The latest weight loss drug trying to enter U.S. market has been rejected by the FDA advisory panel on Thursday.

The new obesity drug called lorcaserin, manufactured by Arena Pharmaceuticals Inc., is the third obesity drug in 2010 that has been failed to get approved by the FDA panel. The panel of experts voted 9 to 5 for the FDA to disapprove lorcaserin.

The reason for the rejection was that the side effects were considered to outweigh the potential benefits. Although human clinical trials discovered no evidence of higher cancer risk, animal studies revealed that the drug was linked to a higher occurrence of tumors.

Also, another concern by the panels was that the studies submitted by Arena did not include patients with diabetes and cardiovascular disease, two groups that will be the major audience of those who would be prescribed the drug.

This same week earlier, the same FDA panel voted 8 to 8 on whether to keep Abbott's weight loss drug Meridia on the US market.
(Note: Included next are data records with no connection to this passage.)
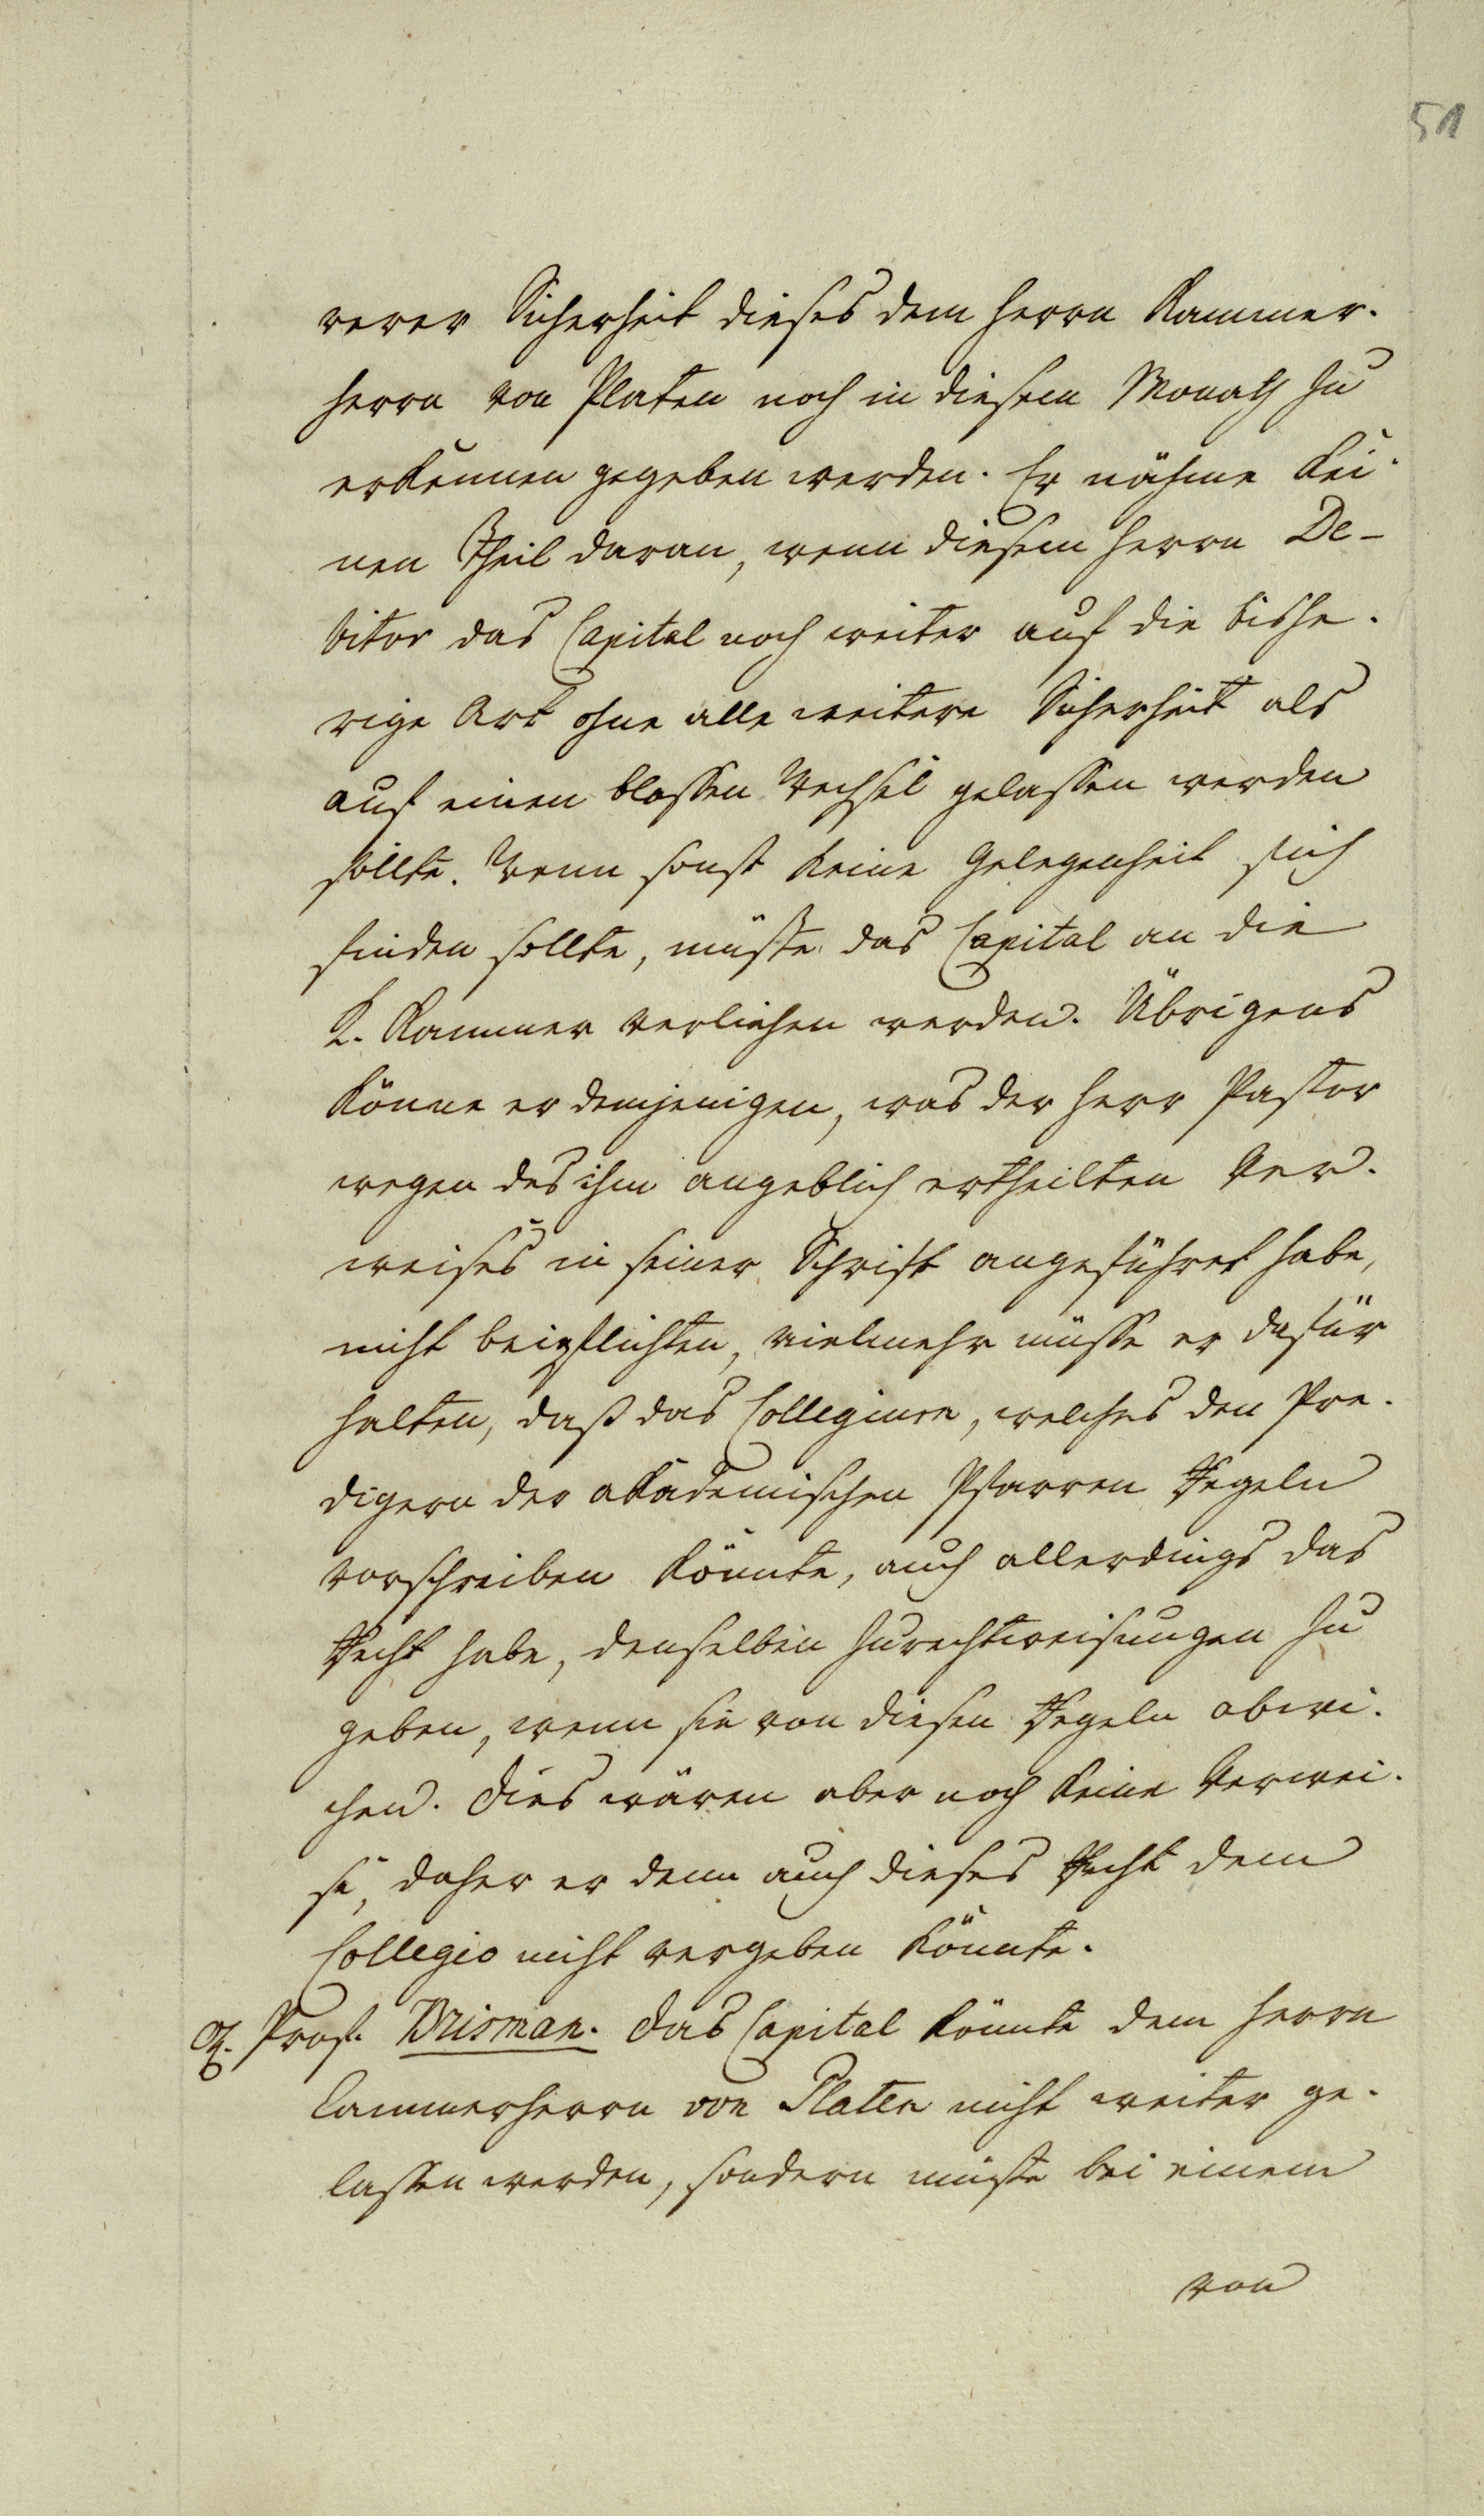rerer Sicherheit dieses dem Herrn Kammer¬
herrn von Platen noch in diesem Monath zu
erkennen gegeben werden. Er nähme kei¬
nen Theil daran, wenn diesem Herrn De¬
bitor das Capital noch weiter auf die bishe¬
rige Art ohne alle weitere Sicherheit als
auf einen blossen Wechsel gelassen werden
sollte. Wenn sonst keine Gelegenheit sich
finden sollte, müßte das Capital an die
K. Kammer verliehen werden. Übrigens
könne er demjenigen, was der Herr Pastor
wegen des ihm angeblich ertheilten Ver¬
weises in seiner Schrift angeführet habe,
nicht beipflichten, vielmehr müsse er dafür
halten, daß das Collegium, welches den Pre¬
digern der akademischen Pfarren Regeln
vorschreiben könnte, auch allerdings das
Recht habe, denselben Zurechtweisungen zu
geben, wenn sie von diesen Regeln abwi¬
chen. Dies wären aber noch keine Verwei¬
se, daher er denn auch dieses Recht dem
Collegio nicht vergeben könnte.
dh. Prof. Brisman. Das Capital könnte dem Herrn
Cammerherrn von Platen nicht weiter ge¬
lassen werden, sondern müßte bei einem
von

European regulators has already banned Meridia earlier this year. FDA panels addressed that it should only be available to people with no history or risk of cardiovascular disease, since recent studies displayed it elevated the danger of heart attack and stroke in this group.

In July, the FDA panel rejected the obesity drug Qnexa, produced by Vivus, because of safety concerns as well.
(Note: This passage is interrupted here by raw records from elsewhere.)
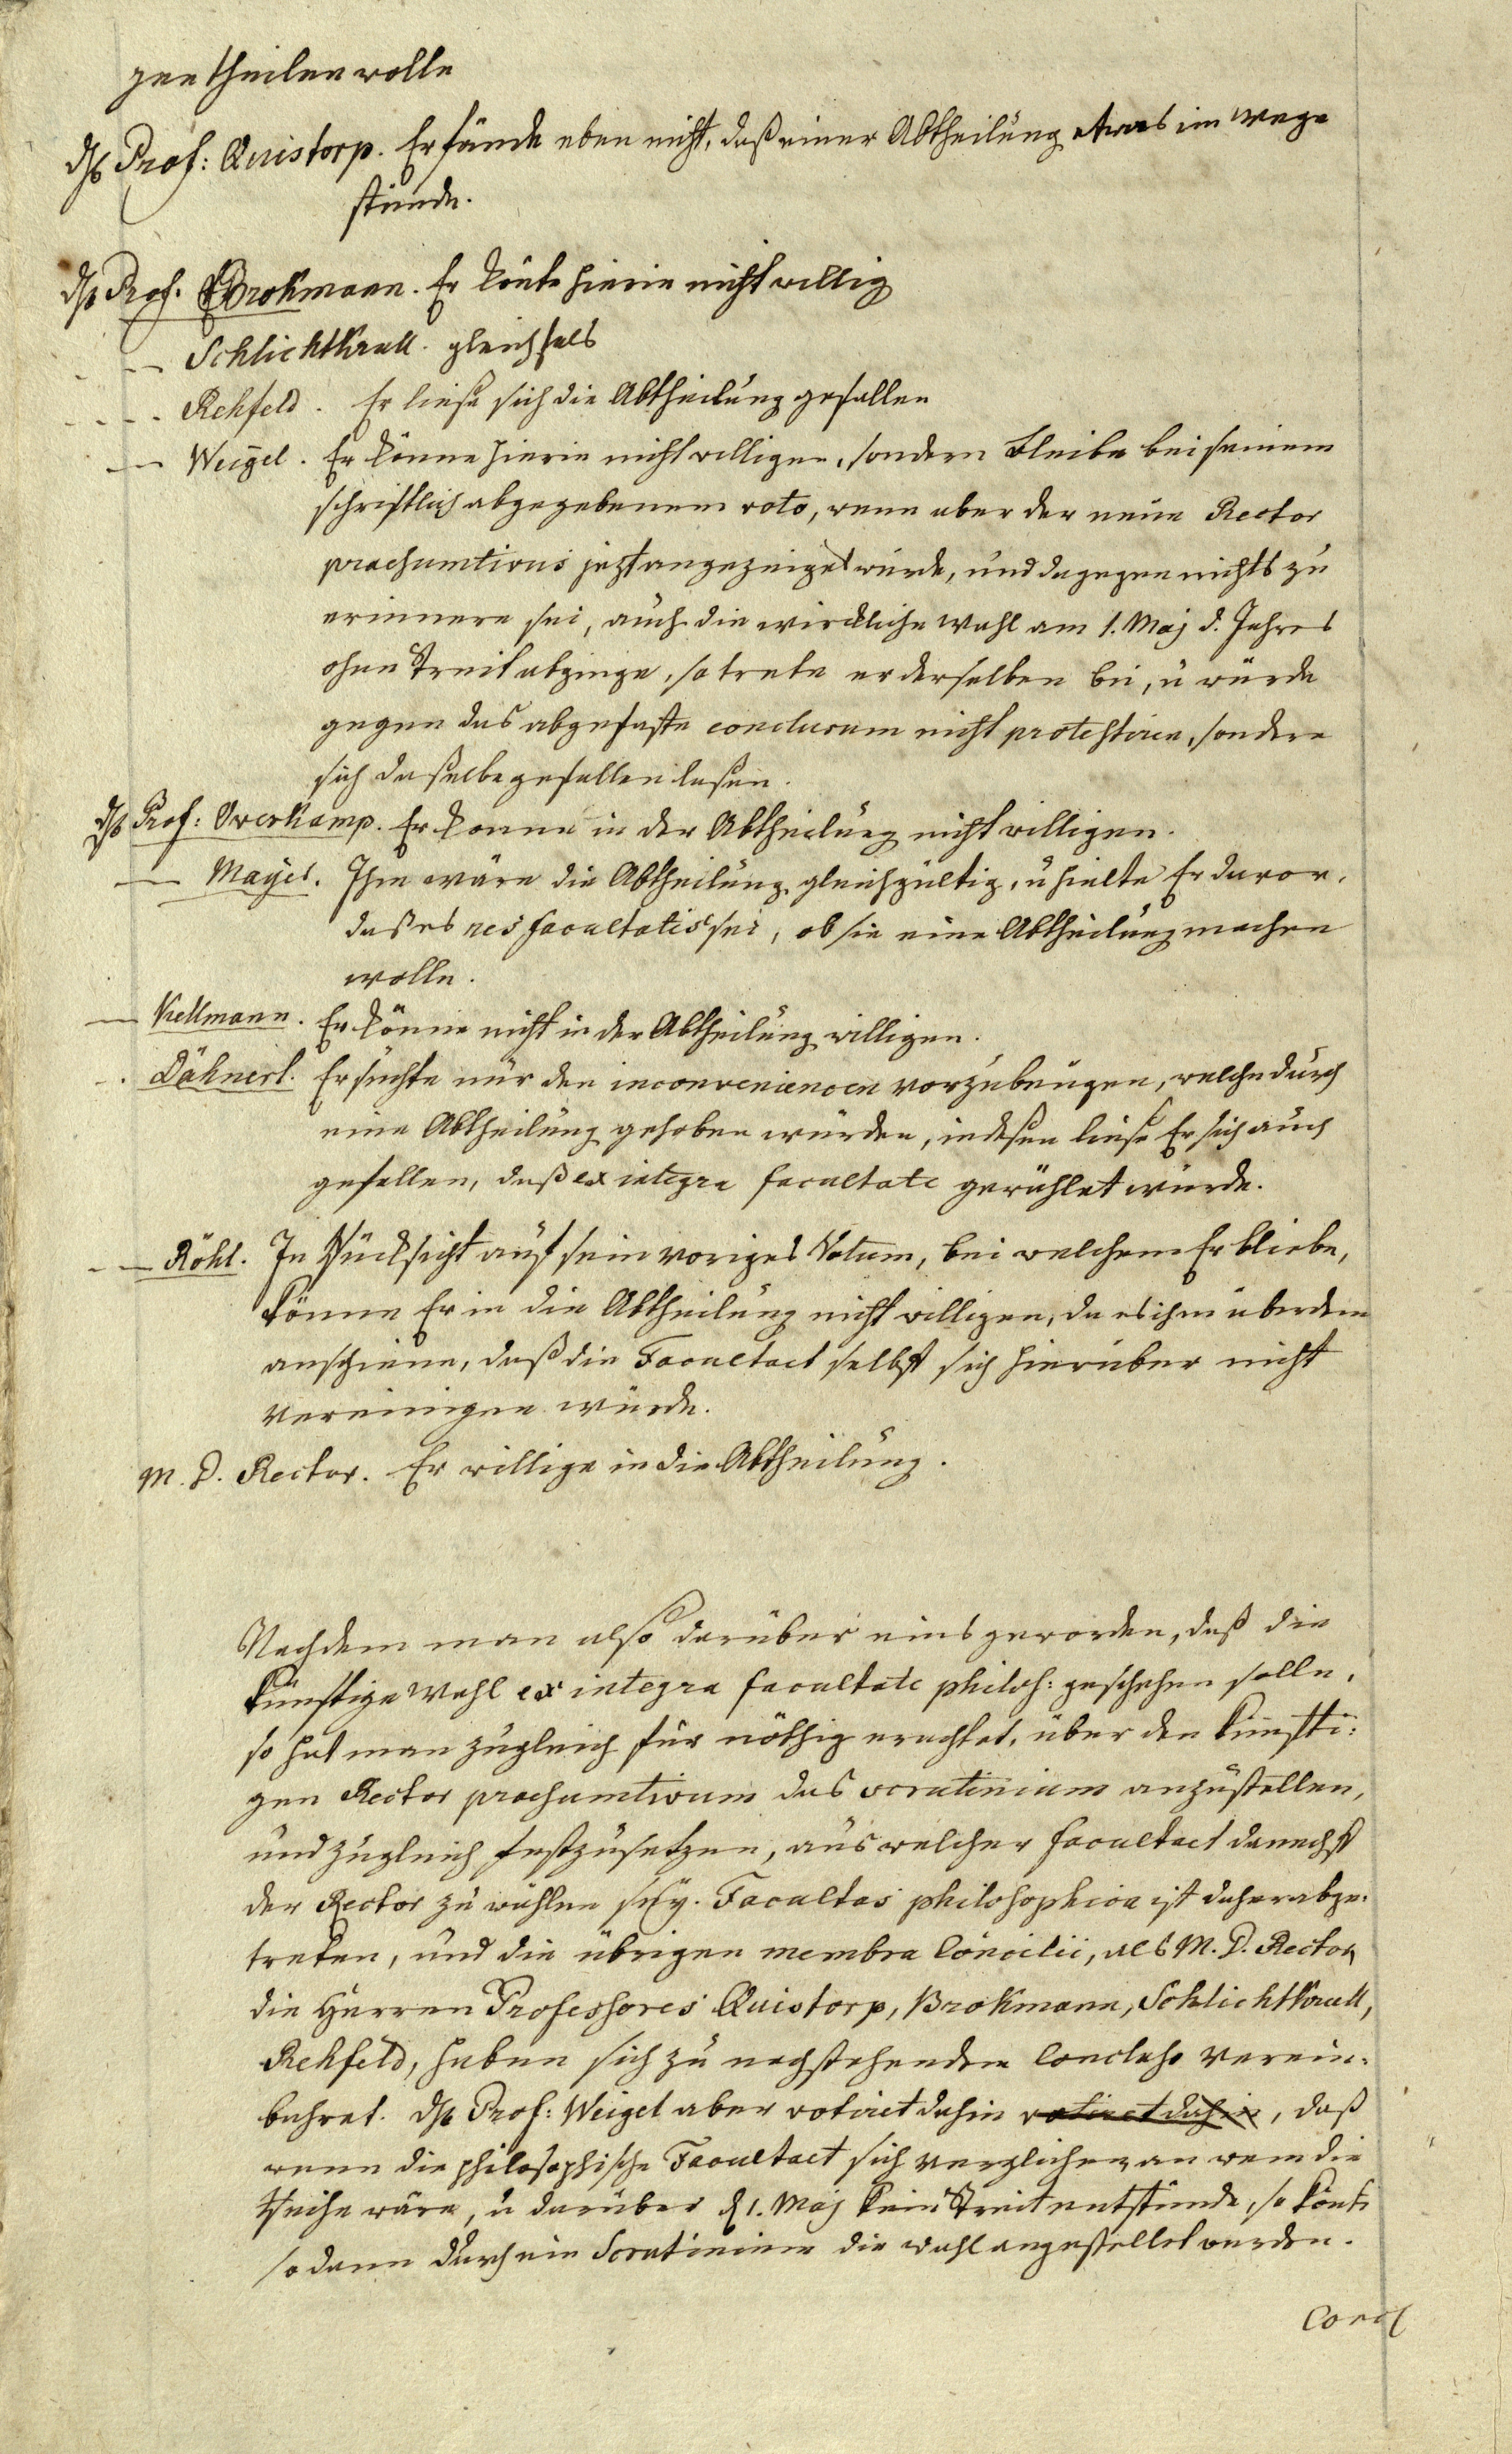gen theilen wolle.
dh. Prof. Quistorp. Er fände eben nicht, daß einer Abtheilung etwas im Wege
stünde.
dh. Prof. Brokmann. Er könte hierin nicht willig
Schlichtkrull gleichfals
Rehfeld. Er ließe sich die Abtheilung gefallen
Weigel. Er könne hierin nicht willigen, sondern bleibe bei seinem
schriftlich abgegebenen voto, wenn aber der neue Rector
praesumtivus jezt angezeiget würde, und dagegen nichts zu
erinnern sei, auch die wirckliche Wahl am 1. Mai d. Jahres
ohne Streit abginge, so trete er derselben bei, u würde
gegen das abgefaste conclusum nicht protestiren, sondern
sich daßelbe gefallen laßen.
dh. Prof. Overkamp. Er könne in der Abtheilung nicht willigen.
Maÿer. Ihm wäre die Abtheilung gleichgültig, u hielte Er davor,
daß es nes facultatis sei, ob sie eine Abtheilung machen
wolle.
Kellmann. Er könne nicht in der Abtheilung willigen.
Dähnert. Er suchte nur den inconveniencen vorzubeugen, welche durch
eine Abtheilung gehoben würden, indeßen ließe Er sich auch
gefallen, daß ex integra facultate gewählet würde.
Röhl. In Rücksicht auf sein voriges Votum, bei welchem Er bliebe,
könne Er in die Abtheilung nicht willigen, da es ihm überdem
anschiene, daß die Facultaet selbst sich hierüber nicht
vereinigen würde.
M. D. Rector. Er willige in die Abtheilung.
Nachdem man also darüber eins geworden, daß die
künftige Wahl ex integra facultate philos. geschehen solle,
so hat man zugleich für nöthig erachtet, über den künfti¬
gen Rector praesumtivum das scrutinium anzustellen,
und zugleich festzusetzen, aus welcher Facultaet danechst
der Rector zu wählen seÿ. Facultas philosophica ist daher abge¬
treten, und die übrigen membra Concilii, als M. D. Rector
die Herren Professores Quistorp, Brokmann, Schlichtkrull,
Rehfeld haben sich zu nachstehendem Concluso verein¬
bahret. dh. Prof. Weigel aber votiret dahin votiret dahin , daß
wenn die philosophische Facultaet sich verglichen an wem die
Reihe wäre, u darüber d. 1. Maj kein Streit entstünde, so könte
sodann durch ein Scrutinium die Wahl angestellet werden.
Concl

Arena's shares plunged 45 percent after the documents were released, as the cancer finding makes it unlikely the drug will be approved. The FDA generally listens to the advice of its advisory panel but not all the time.

The decision is now on US Food and Drug Administration and the ruling on lorcaserin will be on October. Arena Pharmaceuticals has issued a statement that the company will work closely with the FDA through the process.